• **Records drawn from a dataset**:

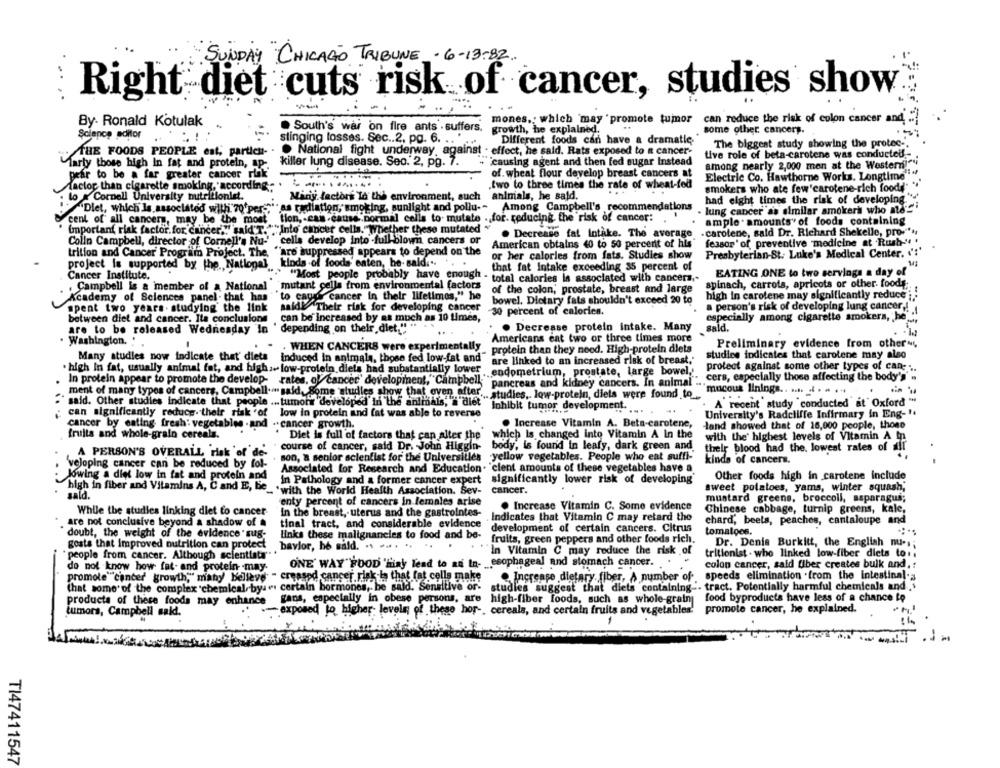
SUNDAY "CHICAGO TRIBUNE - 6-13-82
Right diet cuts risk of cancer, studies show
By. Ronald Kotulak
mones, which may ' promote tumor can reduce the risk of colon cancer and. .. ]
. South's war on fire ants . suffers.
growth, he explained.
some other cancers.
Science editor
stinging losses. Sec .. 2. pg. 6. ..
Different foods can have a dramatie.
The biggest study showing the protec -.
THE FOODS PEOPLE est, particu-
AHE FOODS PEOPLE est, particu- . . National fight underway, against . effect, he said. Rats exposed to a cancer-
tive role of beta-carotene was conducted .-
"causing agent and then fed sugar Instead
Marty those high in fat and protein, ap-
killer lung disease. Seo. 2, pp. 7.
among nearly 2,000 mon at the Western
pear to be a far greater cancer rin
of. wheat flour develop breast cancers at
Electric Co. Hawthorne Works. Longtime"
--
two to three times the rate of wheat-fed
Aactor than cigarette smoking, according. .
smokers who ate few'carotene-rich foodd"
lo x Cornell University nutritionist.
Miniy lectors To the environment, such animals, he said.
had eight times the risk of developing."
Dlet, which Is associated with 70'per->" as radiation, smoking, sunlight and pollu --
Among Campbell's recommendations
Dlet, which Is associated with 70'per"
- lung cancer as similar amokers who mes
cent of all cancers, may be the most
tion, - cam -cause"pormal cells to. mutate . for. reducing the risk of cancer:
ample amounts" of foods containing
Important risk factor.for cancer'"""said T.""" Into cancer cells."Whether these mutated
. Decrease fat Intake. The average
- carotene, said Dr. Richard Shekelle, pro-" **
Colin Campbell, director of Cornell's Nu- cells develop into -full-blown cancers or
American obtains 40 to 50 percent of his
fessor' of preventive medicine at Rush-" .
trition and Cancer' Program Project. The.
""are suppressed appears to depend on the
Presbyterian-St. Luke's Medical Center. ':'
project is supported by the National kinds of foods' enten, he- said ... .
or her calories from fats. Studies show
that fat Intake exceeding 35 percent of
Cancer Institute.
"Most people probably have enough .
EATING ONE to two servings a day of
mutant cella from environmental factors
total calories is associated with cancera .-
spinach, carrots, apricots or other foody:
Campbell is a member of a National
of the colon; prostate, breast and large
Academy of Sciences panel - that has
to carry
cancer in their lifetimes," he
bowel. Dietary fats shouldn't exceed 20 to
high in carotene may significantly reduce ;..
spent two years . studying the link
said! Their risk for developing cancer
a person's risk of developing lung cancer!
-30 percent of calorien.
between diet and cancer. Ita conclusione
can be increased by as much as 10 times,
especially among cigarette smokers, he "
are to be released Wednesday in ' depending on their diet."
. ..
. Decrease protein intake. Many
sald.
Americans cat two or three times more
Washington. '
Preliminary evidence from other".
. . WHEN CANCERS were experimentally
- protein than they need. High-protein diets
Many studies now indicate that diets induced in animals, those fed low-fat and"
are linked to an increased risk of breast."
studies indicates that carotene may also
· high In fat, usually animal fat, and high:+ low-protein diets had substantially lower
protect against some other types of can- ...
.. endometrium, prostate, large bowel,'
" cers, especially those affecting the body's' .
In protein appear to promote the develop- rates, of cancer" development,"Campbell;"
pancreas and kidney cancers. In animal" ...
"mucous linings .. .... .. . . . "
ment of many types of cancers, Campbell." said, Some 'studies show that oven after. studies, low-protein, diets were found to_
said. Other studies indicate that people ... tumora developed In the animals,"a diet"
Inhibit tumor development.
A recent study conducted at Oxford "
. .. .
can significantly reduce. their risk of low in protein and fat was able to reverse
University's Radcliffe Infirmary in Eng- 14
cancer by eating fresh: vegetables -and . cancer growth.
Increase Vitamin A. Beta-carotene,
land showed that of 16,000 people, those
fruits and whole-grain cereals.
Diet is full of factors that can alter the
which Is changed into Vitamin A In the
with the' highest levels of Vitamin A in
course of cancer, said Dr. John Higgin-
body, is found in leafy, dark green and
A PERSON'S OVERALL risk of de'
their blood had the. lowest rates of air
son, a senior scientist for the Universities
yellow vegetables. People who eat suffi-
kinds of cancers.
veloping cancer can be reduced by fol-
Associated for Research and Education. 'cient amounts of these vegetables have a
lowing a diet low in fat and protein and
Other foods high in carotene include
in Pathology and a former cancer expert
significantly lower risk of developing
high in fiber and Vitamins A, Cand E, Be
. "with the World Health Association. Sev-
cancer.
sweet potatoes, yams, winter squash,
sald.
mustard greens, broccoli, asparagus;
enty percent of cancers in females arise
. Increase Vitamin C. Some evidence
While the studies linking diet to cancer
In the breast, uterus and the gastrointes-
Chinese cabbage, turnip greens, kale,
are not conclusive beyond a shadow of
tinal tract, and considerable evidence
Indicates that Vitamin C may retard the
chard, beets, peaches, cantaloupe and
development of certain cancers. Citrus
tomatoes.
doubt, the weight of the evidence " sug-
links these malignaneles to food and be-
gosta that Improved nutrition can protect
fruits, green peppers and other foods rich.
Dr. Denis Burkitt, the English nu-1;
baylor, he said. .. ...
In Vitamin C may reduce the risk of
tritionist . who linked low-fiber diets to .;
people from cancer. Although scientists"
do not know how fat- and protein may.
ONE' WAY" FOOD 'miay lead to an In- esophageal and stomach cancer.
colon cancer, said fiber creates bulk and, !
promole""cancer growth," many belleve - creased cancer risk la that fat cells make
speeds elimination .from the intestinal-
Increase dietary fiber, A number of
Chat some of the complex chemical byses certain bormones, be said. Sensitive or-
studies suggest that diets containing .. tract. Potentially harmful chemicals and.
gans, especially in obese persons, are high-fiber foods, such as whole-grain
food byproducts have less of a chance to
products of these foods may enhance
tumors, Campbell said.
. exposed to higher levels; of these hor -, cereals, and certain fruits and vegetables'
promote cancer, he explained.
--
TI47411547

• **Aim of the task**:
A single number is the answer: the number of lines in the entries that contain "such".

• **Result**:
2